Она мягко засмеялась:

— Так ты что же, предпочел бы ненавидеть меня?

— Да. Лучше ненавидеть. Ты — то, что я потерял уже давно. Но я так сильно люблю тебя, что пытаюсь держаться за тот образ, в каком ты меня видишь, каким я был когда-то. Но долго продержаться я не смогу. Больше, Кира, я ничего тебе предложить не могу.

Она спокойно посмотрела на него, ее глаза высохли, а ее улыбка была уже не детской, но даже более сильной, чем женская. Она сказала:

— Есть лишь одно, что для нас важно и что мы будем помнить. Остальное — не важно. Мне наплевать на то, какой должна быть жизнь, и на то, что она с нами делает. Она не сломает нас, ни тебя, ни меня. Это — наше единственное оружие. Это — единственное знамя, которое мы можем держать перед теми, кто окружает нас. Это — все, что мы должны знать о будущем.

Он сказал, нежно и серьезно, как никогда:

— Кира, я хотел бы, чтобы ты была не такой, какая ты есть.

Потом она уткнулась своим лицом в его плечо и прошептала:

— И мы больше никогда не будем говорить об этом. А теперь нам вообще не нужно говорить, ведь так?

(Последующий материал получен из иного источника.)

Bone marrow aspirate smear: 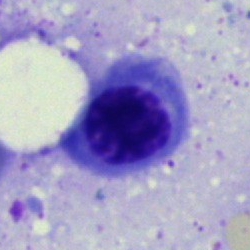
The cell is nucleated red blood cell.
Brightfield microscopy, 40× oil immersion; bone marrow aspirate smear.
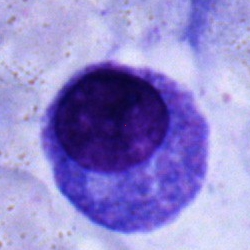

The cell is promyelocyte.
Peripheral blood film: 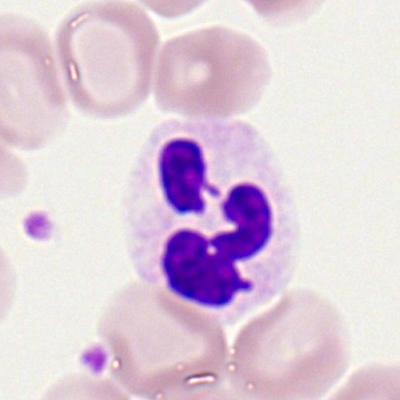

Morphological class = segmented neutrophil.
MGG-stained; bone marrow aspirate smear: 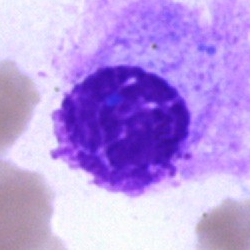Impression — artifact.
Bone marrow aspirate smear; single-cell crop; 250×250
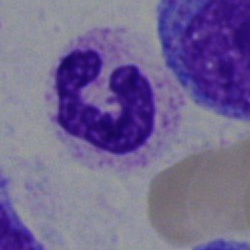

Single cell identified as a segmented neutrophil.
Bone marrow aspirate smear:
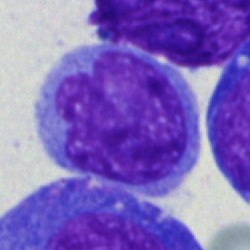

The classification is monocyte.
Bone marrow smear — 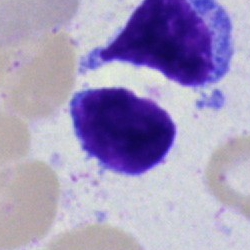

Q: Identify the cell.
A: It is a typical lymphocyte.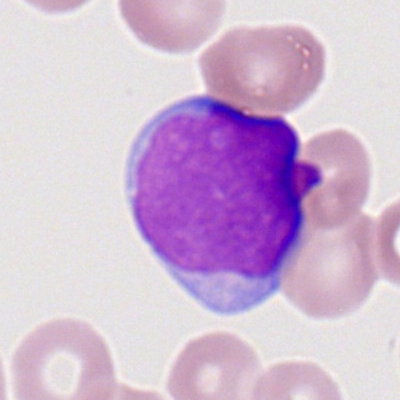Specimen: peripheral blood smear.
Morphological class: myeloblast.
Lineage: myeloid.
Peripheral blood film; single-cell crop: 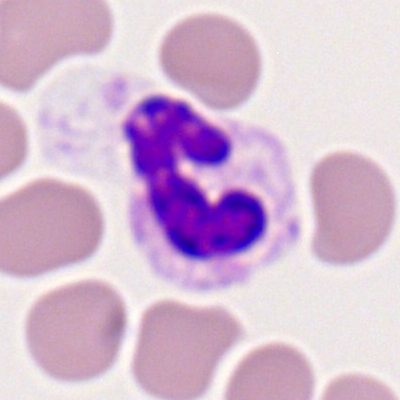 Showing a polymorphonuclear neutrophil.
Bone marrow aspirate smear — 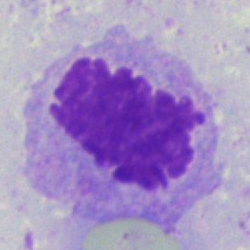

Showing an artifact.
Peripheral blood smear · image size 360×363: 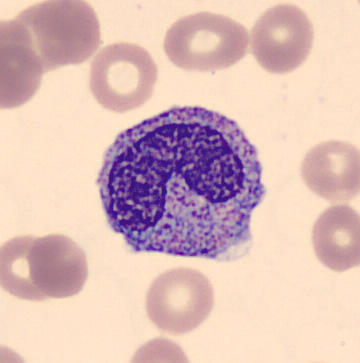Cell: metamyelocyte.
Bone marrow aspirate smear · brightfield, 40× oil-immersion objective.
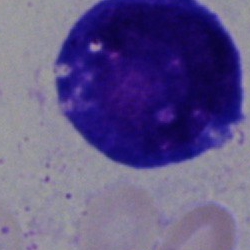
Impression → blast.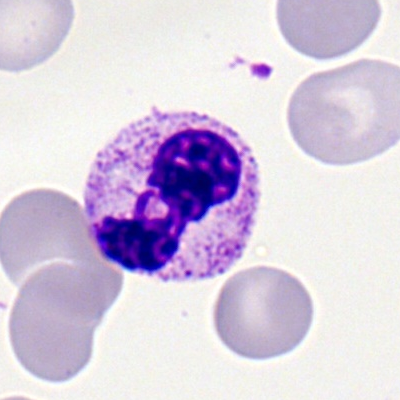Cell type: polymorphonuclear neutrophil.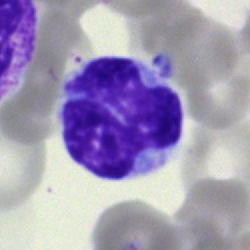

Specimen: bone marrow aspirate smear.
Morphological class: monocyte.
Lineage: myeloid.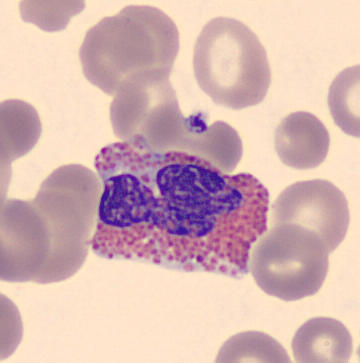Morphology — eosinophilic granulocyte.

360×363 px. Peripheral blood film.
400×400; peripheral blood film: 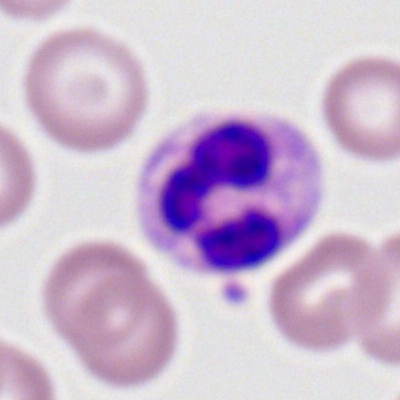 Morphology consistent with a neutrophil (segmented).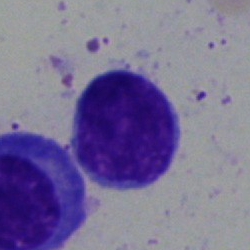 Q: What type of cell is this?
A: This is a lymphocyte.
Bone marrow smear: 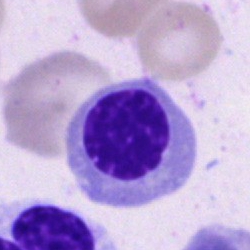

Q: Which cell type is shown here?
A: This is a nucleated red blood cell.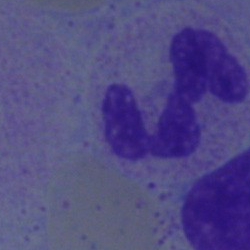
Q: What is the morphological classification of this cell?
A: Neutrophil (segmented).

Мне нужно встать и припудрить нос, а тебе — снять пальто и принять ванну, и я приготовлю тебе обед… Но сначала позволь мне посидеть с тобой, несколько секунд, просто посидеть… не двигайся… Лео.

Ее голова медленно заскользила по его груди, к коленям, к ногам.

III

Три дня спустя зазвонил дверной звонок, и Кира пошла открывать дверь.

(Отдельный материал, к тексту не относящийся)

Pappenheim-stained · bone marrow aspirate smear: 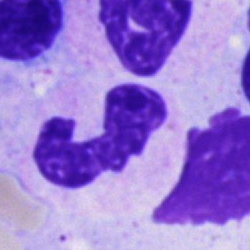Q: What type of cell is this?
A: A polymorphonuclear neutrophil.
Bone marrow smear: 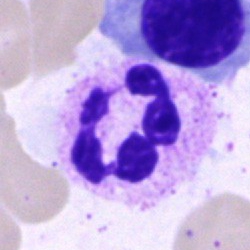Morphological class — polymorphonuclear neutrophil.
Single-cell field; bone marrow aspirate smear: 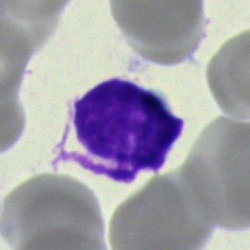Q: What is shown here?
A: Artifact.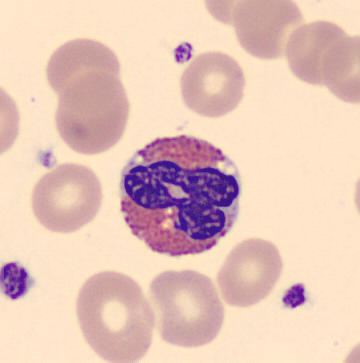 An eosinophilic granulocyte on a peripheral blood smear.
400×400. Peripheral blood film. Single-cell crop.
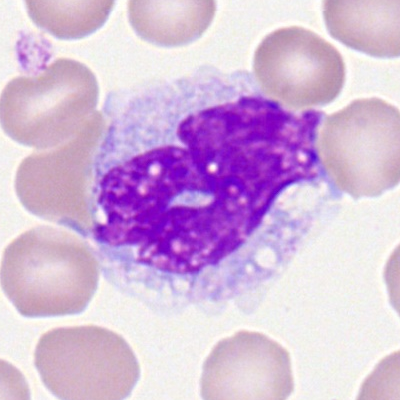

Classification = monocyte.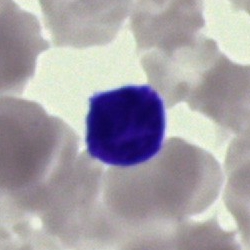 This is an unidentifiable cell.
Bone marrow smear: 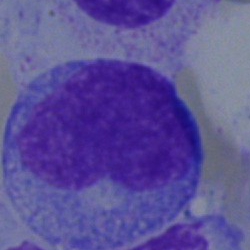The morphological class is monocyte.
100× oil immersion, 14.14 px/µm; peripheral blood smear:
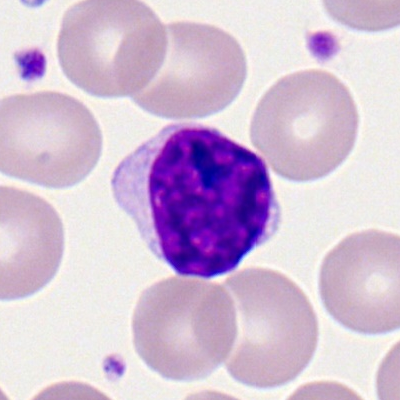 Cell type = lymphocyte.

Она приоткрыла ее на длину цепочки и увидела, что за порогом стоит полная женщина в очень дорогом пальто. Ее лицо с массивным подбородком заученным жестом было вздернуто вверх, открывая статную белую шею. Полные губы, тронутые ярчайшей фуксиновой помадой, были приоткрыты, обнажая белые крепкие зубы. Поглаживая рукой широкий зеленый шелковый шарф, она пропела изящным, тщательно подобранным голосом:

— Здесь живет Лео Коваленский?

— Да… — ответила Кира, недоверчиво уставившись на бриллианты, сверкающие на толстых белых пальцах женщины. Кира по-прежнему держала дверь на цепочке. Тоном вежливой настойчивости женщина произнесла:

— Я хочу его видеть.

Кира впустила ее. Женщина, прищурив глаза, вопросительно и с любопытством осмотрела ее.

Аео с удивленным видом поднялся с дивана. А женщина, театрально вытянув руки ему навстречу, воскликнула:

— Лео, как я рада вас видеть! Я же обещала вас найти, помните? Я решительно настроена стать вам обузой!

В ответ на ее смешок Лео даже не улыбнулся. Изящно поклонившись, он сказал:

— Кира, это Антонина Павловна Платошкина. А это Кира Александровна Аргунова.

— О! Аргунова?.. — произнесла Антонина Павловна, словно отмечая для себя факт, что Кира не носит фамилию Лео. Она протянула руку, согнутую в запястье, словно приготовленную для поцелуя.

— Антонина Павловна и я были соседями в санатории, — объяснил Лео.

— И он был совершенно неблагодарным соседом, должна я вам пожаловаться, — грубовато рассмеялась Антонина Павловна. — Он так и не подождал меня, а я так хотела, чтобы мы поехали на одном поезде. И к тому же, Лео, вы не сообщили номер своей квартиры, и я битый час добивалась его у управдома. Управдомы — неизбежное зло наших дней, и мы, интеллигенция, должны относиться к ним с чувством юмора.